How to find the angle between two straight line equations? The Problem
There are two straight lines with equations as follow

y=-2x+10 and y=-3x+6

their point of intersection is (2,6) and i am asked to find the angle between them ?
A detailed and easy explanation would be appriciated 
Source and background
CIE/Cambridge International A and AS Level/Mathematics (9709)/Nov 2005 P1 Q9
(its part 3 i solved it a little before asking below is the whole question if needed)

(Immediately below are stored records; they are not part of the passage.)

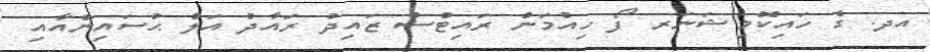
އދ. ގެ ހައިކޮމިޝަނަރ ފޯ ހިއުމަން ރައިޓްސް ޒައިދު ރައާދު އަލް ޙުސައިންއާއި
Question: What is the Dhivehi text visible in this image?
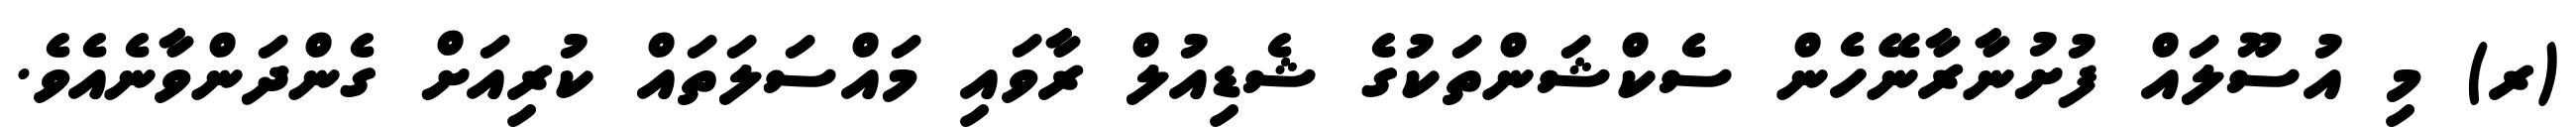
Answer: (ރ) މި އުސޫލައް ފުށުނާރާނޭހެން ސެކްޝަންތަކުގެ ޝެޑިއުލް ރާވައި މައްސަލަތައް ކުރިއަށް ގެންދަންވާނެއެވެ.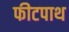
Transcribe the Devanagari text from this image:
फीटपाथ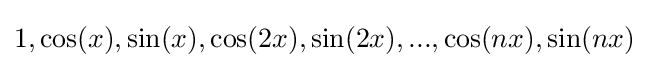
1,\cos(x),\sin(x),\cos(2x),\sin(2x),...,\cos(nx),\sin(nx)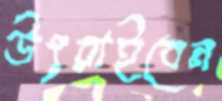
উৎরাইবেন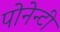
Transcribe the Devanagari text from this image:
पोनेन्टी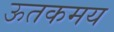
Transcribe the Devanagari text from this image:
ऊतकमय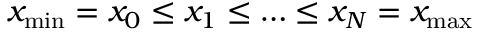
x _ { \operatorname* { m i n } } = x _ { 0 } \le x _ { 1 } \le \dots \le x _ { N } = x _ { \operatorname* { m a x } }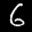
Label: 6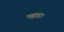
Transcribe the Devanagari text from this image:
पहार।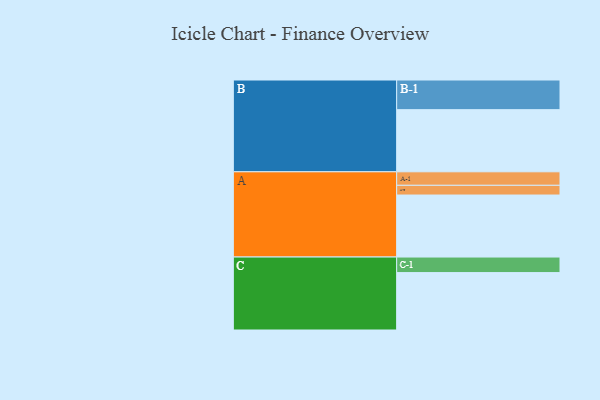
{"axis": {"x": "Segment", "y": "Value"}, "legend": ["", "A", "B", "C"], "data": [{"x": "A", "y": 510, "type": ""}, {"x": "B", "y": 511, "type": ""}, {"x": "C", "y": 472, "type": ""}, {"x": "A-1", "y": 111, "type": "A"}, {"x": "A-2", "y": 80, "type": "A"}, {"x": "B-1", "y": 244, "type": "B"}, {"x": "C-1", "y": 128, "type": "C"}]}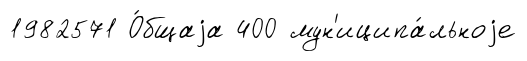
1982571 О́бщаjа 400 мун'иципа́льноjе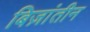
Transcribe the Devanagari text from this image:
बिज़ांतीन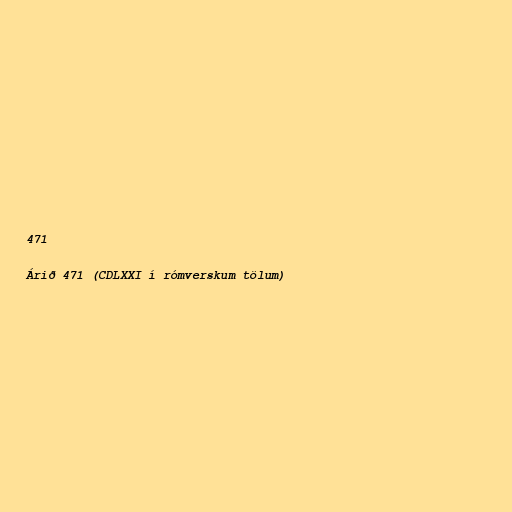
471

Árið 471 (CDLXXI í rómverskum tölum)
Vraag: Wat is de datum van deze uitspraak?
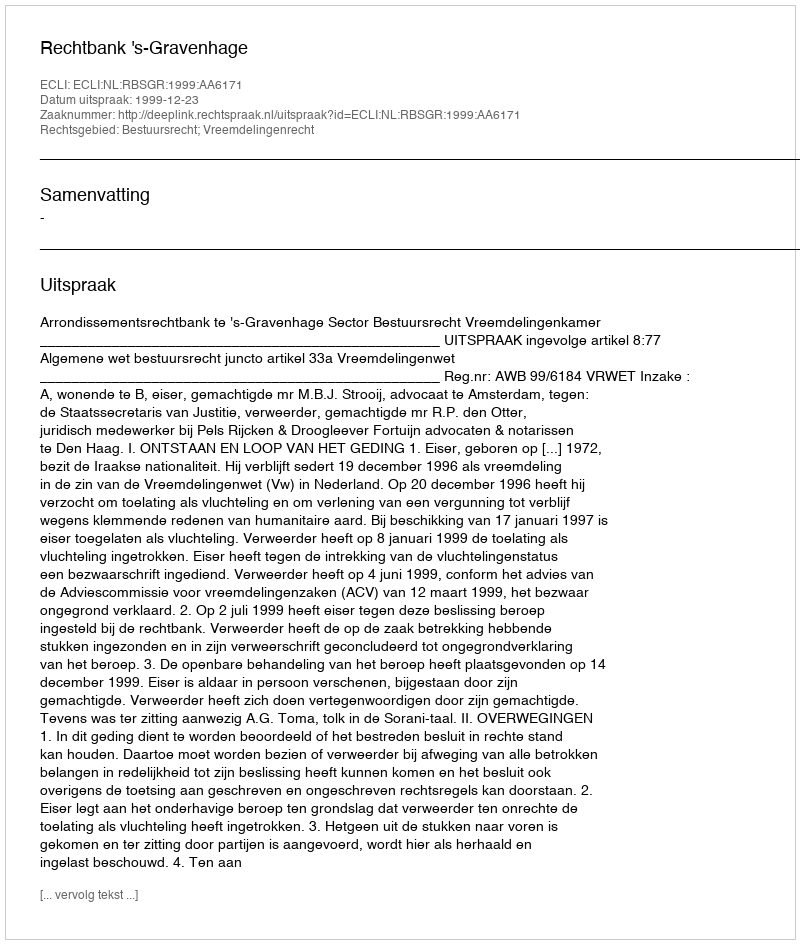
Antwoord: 1999-12-23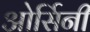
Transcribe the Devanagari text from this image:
ओर्सिनी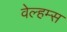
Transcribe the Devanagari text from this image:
वेल्हम्स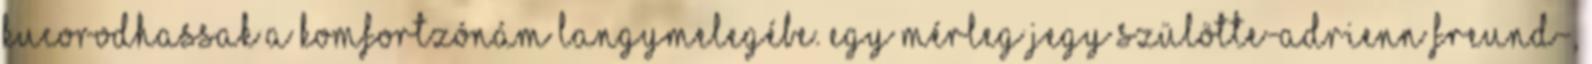
kucorodhassak a komfortzónám langymelegébe. Egy mérleg jegy szülötte-Adrienn Freund-,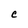
Character: C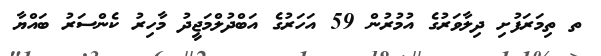
ތ ތިމަރަފުށި ދިލާވަރުގެ އުމުރުން 59 އަހަރުގެ އަބްދުލްމަޖީދު މާހިރު ކެންސަރު ބައްޔާ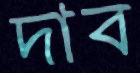
দাব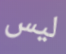
ليس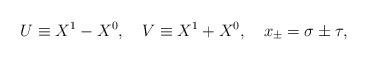
\begin{align*}U\equiv X^1-X^0, \ \ \ V\equiv X^1+X^0,\ \ \ x_{\pm}=\sigma\pm\tau,\end{align*}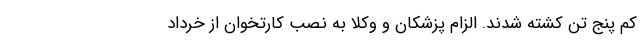
کم پنج تن کشته شدند. الزام پزشکان و وکلا به نصب کارتخوان از خرداد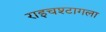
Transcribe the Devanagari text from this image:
राइचश्टागला

 A: Try using this relationship. If a line has slope $m$, and the angle at which it hits the $x$-axis is $\theta$, then 
$$\tan(\theta) = m.$$
A: The slope of $y=-2x+10$ is $-2$, so it makes an angle of $\arctan (-2)$ with the $x$ axis.  Similarly the other has a slope of $-3$ and makes an angle of $\arctan (-3)$ with the $x$ axis.  The angle between them is $\arctan (-2)-\arctan(-3)\approx 0.1419$ radians.
Another approach is that a vector in the direction of the first line is $(1,-2)$ and one in the direction of the second is $(1,-3)$.  The dot product $(1,-2)\cdot (1,-3)=7=|(1,-2)||(1,-3)|\cos \theta=5\sqrt 2 \cos \theta$.  This gives $\theta=\frac 7{5\sqrt 2}\approx 0.1419$
A: $$d_1:y=-2x+10\Rightarrow k_1=\tan\alpha_1=-2$$ and $$d_2:y=-3x+6\Rightarrow k_2=\tan\alpha_2=-3$$
then
$$\angle(d_1,d_2)=\alpha_1-\alpha_2=\arctan(\tan(\alpha_1-\alpha_2))=\arctan \frac{\tan\alpha_1-\tan\alpha_2}{1+\tan\alpha_1\tan\alpha_2}=$$
$$=\arctan\frac{k_1-k_2}{1+k_1k_2}=\arctan\frac{-2-(-3)}{1+(-2)(-3)}=\arctan\frac{1}{7}=0,14189..=8^{\circ} 07'48,37''$$
because
$$\arctan(\tan x)=x$$ and
$$\tan(\alpha_1-\alpha_2)=\frac{\tan\alpha_1-\tan\alpha_2}{1+\tan\alpha_1\tan\alpha_2}$$
A: The slope of a line is equal to the tan of its angle of inclination (angle above the positive x axis.  So you can calculate that angle for each line and then find the difference.  That is my initial suggestion.